National house sales hit their highest level in nine years in February, as activity surged outside of Auckland.
The Real Estate Institute said sales rose 6 percent to 7291 last month compared with February a year earlier, while the median price increased 5 percent to $450,000.
Sales plummeted 18 percent in Auckland, though prices rose 11 percent to $750,000.
Excluding Auckland, sales rose 18 percent and prices jumped 9 percent to $383,000.
Median prices hit record levels in Waikato/Bay of Plenty, Hawke's Bay and Wellington and Nelson/Marlborough.
The Institute's chief executive Colleen Milne said the figures underlined the surge of activity in regional markets.

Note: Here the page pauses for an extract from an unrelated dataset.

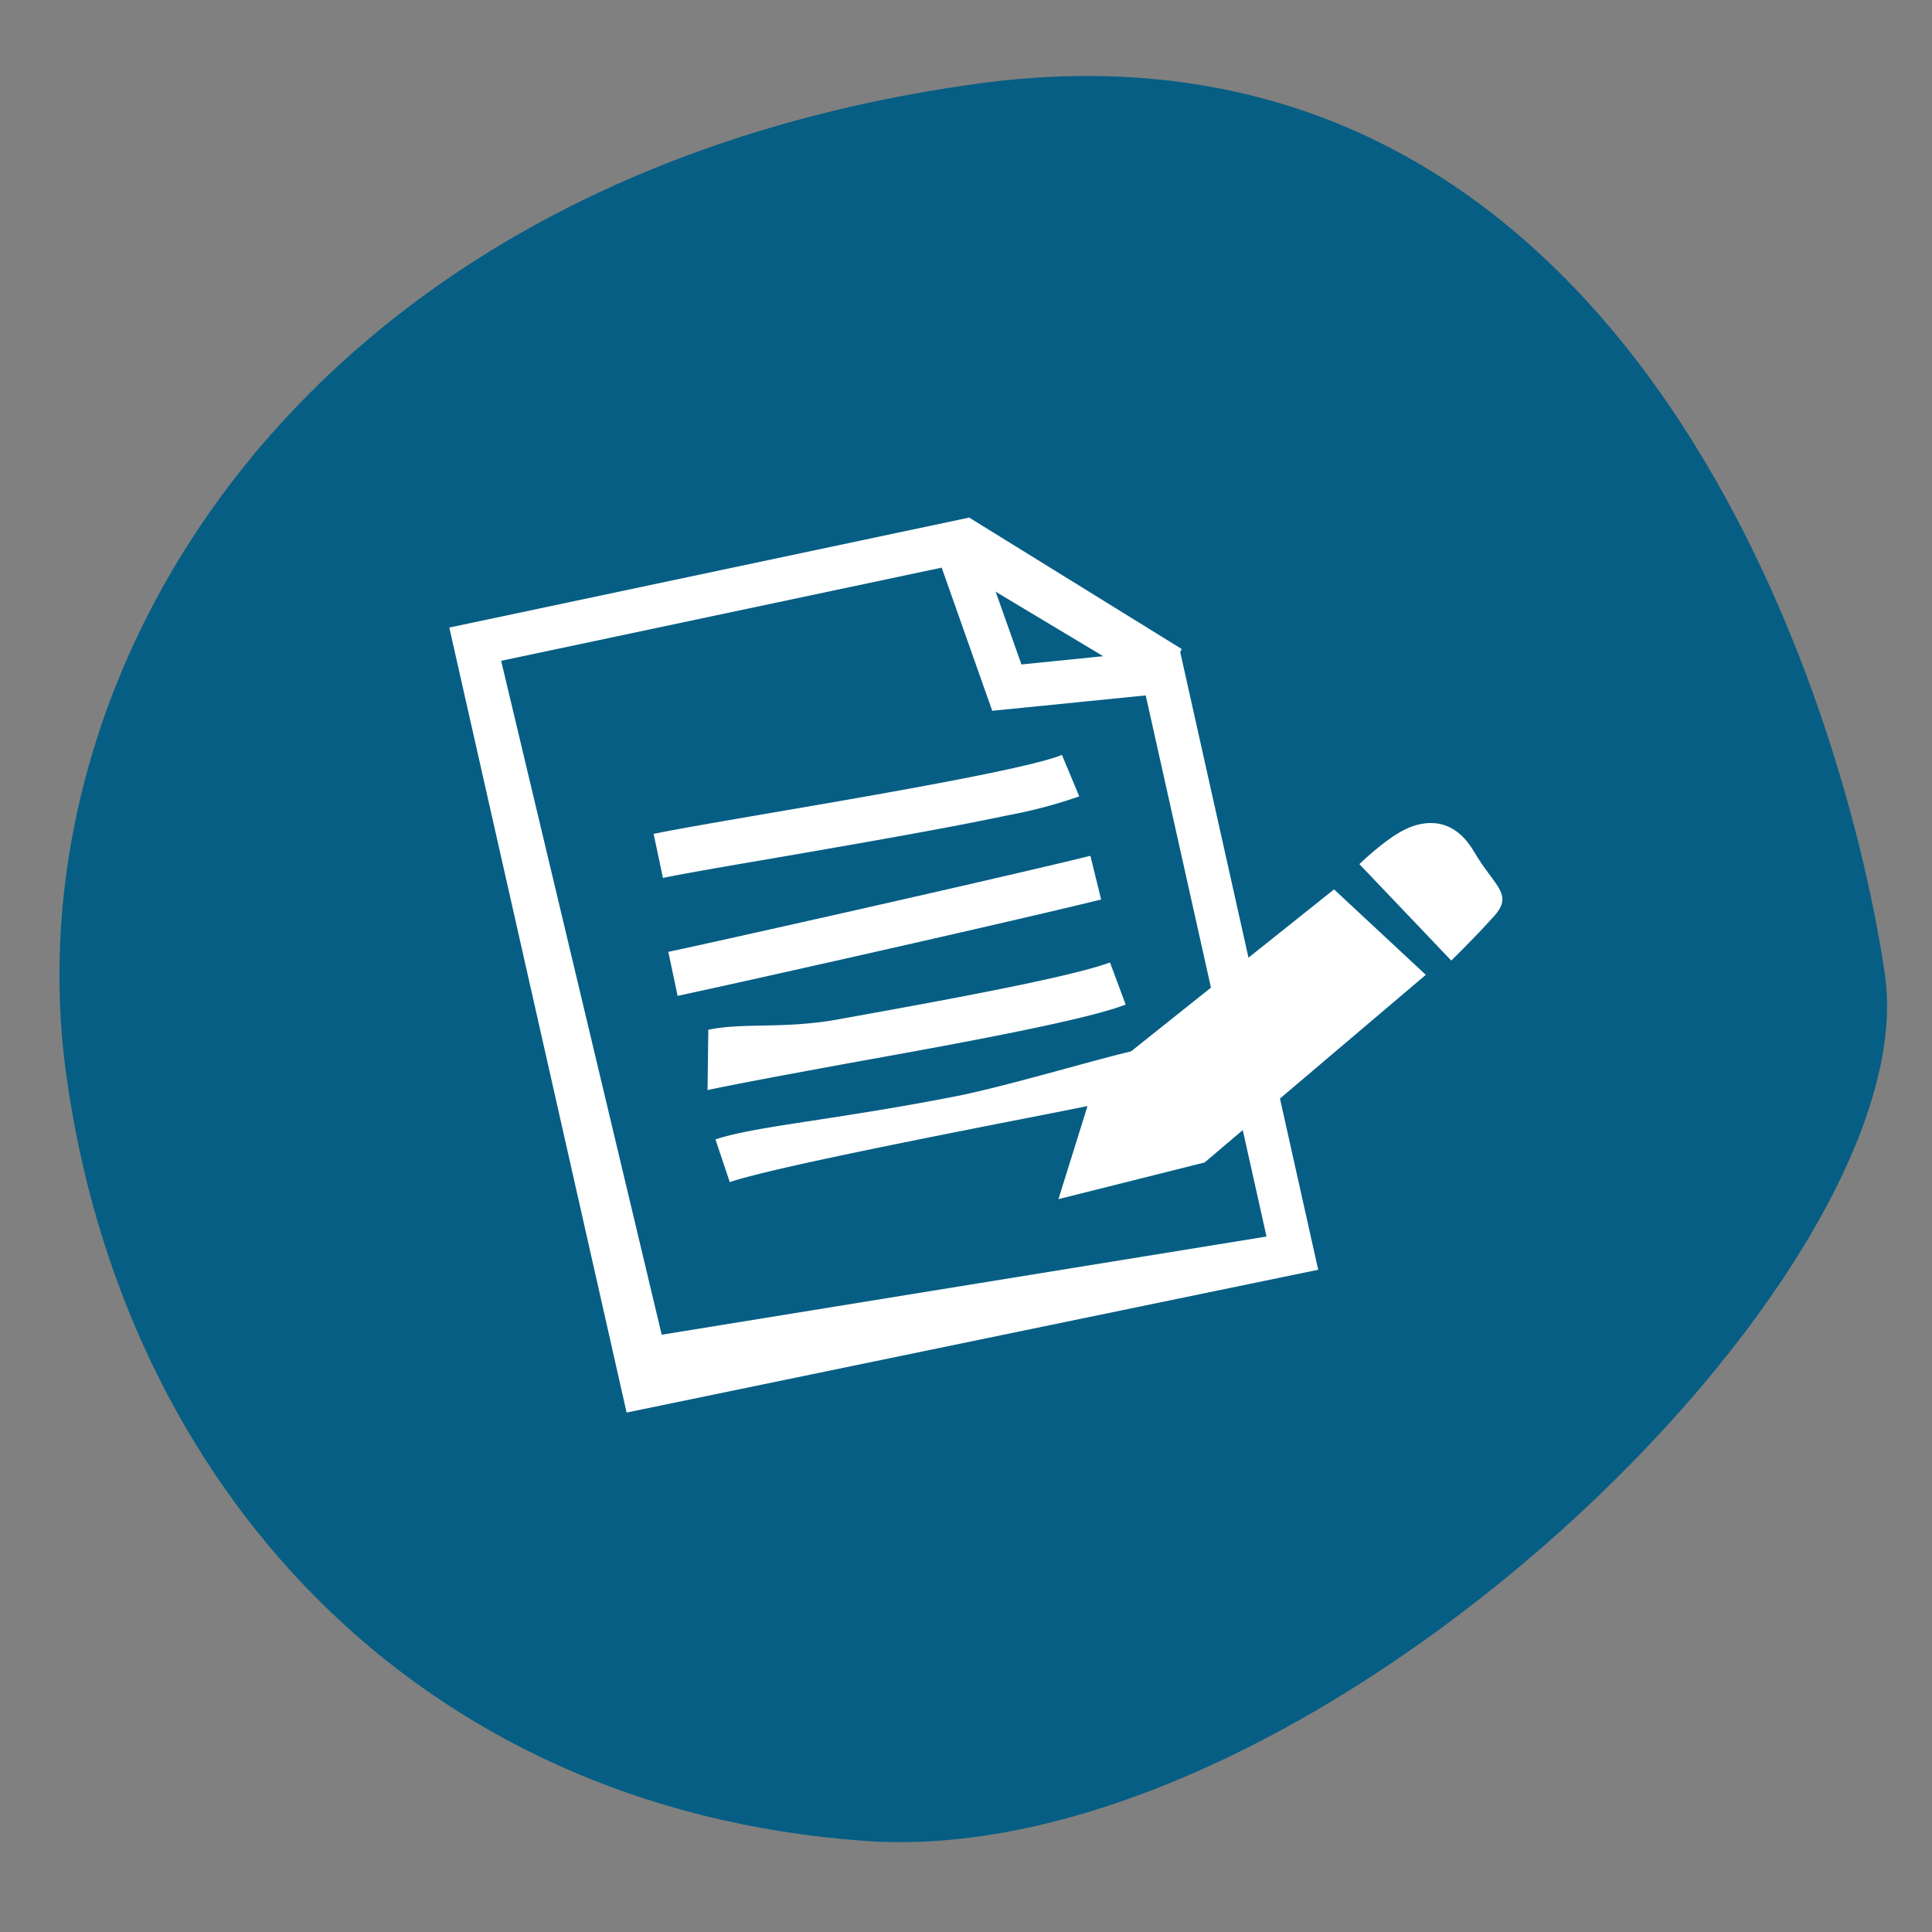 <svg xmlns="http://www.w3.org/2000/svg" viewBox="0 0 344 344"><rect x="0" y="0" width="344" height="344" fill="#808080" stroke="none"/><defs><style>.cls-1{fill:#065e84;}.cls-1,.cls-2,.cls-3{fill-rule:evenodd;}.cls-2{fill:#fff;}.cls-3{fill:none;}</style></defs><g id="cercles_pleins" data-name="cercles pleins"><path id="CP_bleu_foncé" data-name="CP bleu foncé" class="cls-1" d="M173.69,14.94C54.93,31.5,1.79,118,11.77,191.15s62,130.77,141.94,136.61c79.95,6,189.86-101,181.88-154.44S287.63-.84,173.69,14.94"/></g><g id="icones-blancs"><g id="document_crayon_" data-name="document (crayon)"><g id="document"><path class="cls-2" d="M117.82,237.65l107.69-17.48L204,123.82l-27.33,2.74-9-25.49L89.23,117.66l28.59,120Zm116.91-11.57L111.57,251.51,80,111.74l92.61-19.59,9.26,26.16L210,115.46l24.71,110.62"/><path class="cls-2" d="M204.43,194.72c-6.48,1.38-15.3,3.14-24.63,4.95-20.31,4-43.34,8.6-49.86,10.81l-2.55-7.6c7-2.36,21.37-3.47,43-7.72,9.32-1.86,26-6.92,32.44-8.28Zm-4-15.85c-3.3,1.27-9.1,2.66-16.14,4.15-9.85,2.08-22.09,4.3-33.47,6.34-9.66,1.78-18.76,3.45-24.84,4.73l.14-10.74c6.19-1.31,13.59-.09,23.24-1.87,18.26-3.29,41-7.42,48.28-10.11ZM119,169.48c8.94-1.89,59-13.12,75.15-17.1l1.91,7.78c-16.17,4-66.41,15.26-75.41,17.16Zm-2.62-21c3.82-.81,11.68-2.15,20.8-3.72,18.35-3.14,46.12-7.91,51.9-10.35l3.09,7.39a87.11,87.11,0,0,1-12.88,3.4c-10.16,2.15-24.69,4.7-40.75,7.47-9.07,1.55-16.83,2.88-20.5,3.65l-1.66-7.84"/><polyline class="cls-2" points="206.67 122.98 168.21 99.92 172.57 92.16 210.41 115.56 206.67 122.98"/></g><g id="crayon"><path class="cls-3" d="M270.73,152.8a38.45,38.45,0,0,1-2.48-3.65C264.09,142,258,141,254.75,141a17.9,17.9,0,0,0-7.81,1.86c-4.38,2.16-9.24,6.74-9.77,7.26a4.77,4.77,0,0,0-1.51,2.72,6.59,6.59,0,0,0-2.7,1.3l-42.31,34.14a5.26,5.26,0,0,0-1.83,2.65l-6.64,21.44a5,5,0,0,0,1.74,5.44,7.2,7.2,0,0,0,4.55,1.56,7.63,7.63,0,0,0,1.83-.22l26-6.55a6.38,6.38,0,0,0,2.73-1.42l39.33-33.69a5.72,5.72,0,0,0,.91-1.05,6.56,6.56,0,0,0,3.91-1.82s4.21-4,7.94-8.15c5.42-6,1.95-10.58-.39-13.67"/><polyline class="cls-2" points="195.11 192.21 188.46 213.51 214.49 206.98 253.87 173.57 237.53 158.36 195.11 192.21"/><path class="cls-2" d="M262.47,151.67c-3.6-6.19-8.67-5.74-12.27-4s-8.16,6.19-8.16,6.19l16.36,17.17s4.07-3.94,7.63-7.91,0-5.33-3.56-11.47"/></g></g></g></svg>

"The Canterbury/Westland and Auckland region, which were previously the drivers of the national real estate market, are now playing 'second fiddle' to markets such as Waikato/Bay of Plenty, Hawke's Bay and Central Otago Lakes.
"Other regions such as Wellington, Southland and Manawatu/Wanganui are also showing renewed vigour."
Westpac senior economist Michael Gordon said tougher property rules have had an effect in Auckland, and was stoking demand elsewhere.
"The emerging picture is one of a more subdued, but still positive, trend in the Auckland housing market since the regulations on property investment that came into force last October. Meanwhile, most markets south of Hamilton continue to gather momentum."
Reserve Bank decision to boost demand
Lower interest rates will fuel an already buoyant property market, Ms Milne said.
The Reserve bank decision to cut rates yesterday should boost robust demand.
"Any interest rate deduction does help fuel the ability for purchasers to be able to borrow more or invest more and I imagine that will have a long-term effect on continuing the market and continuing the strong sales that we're seeing."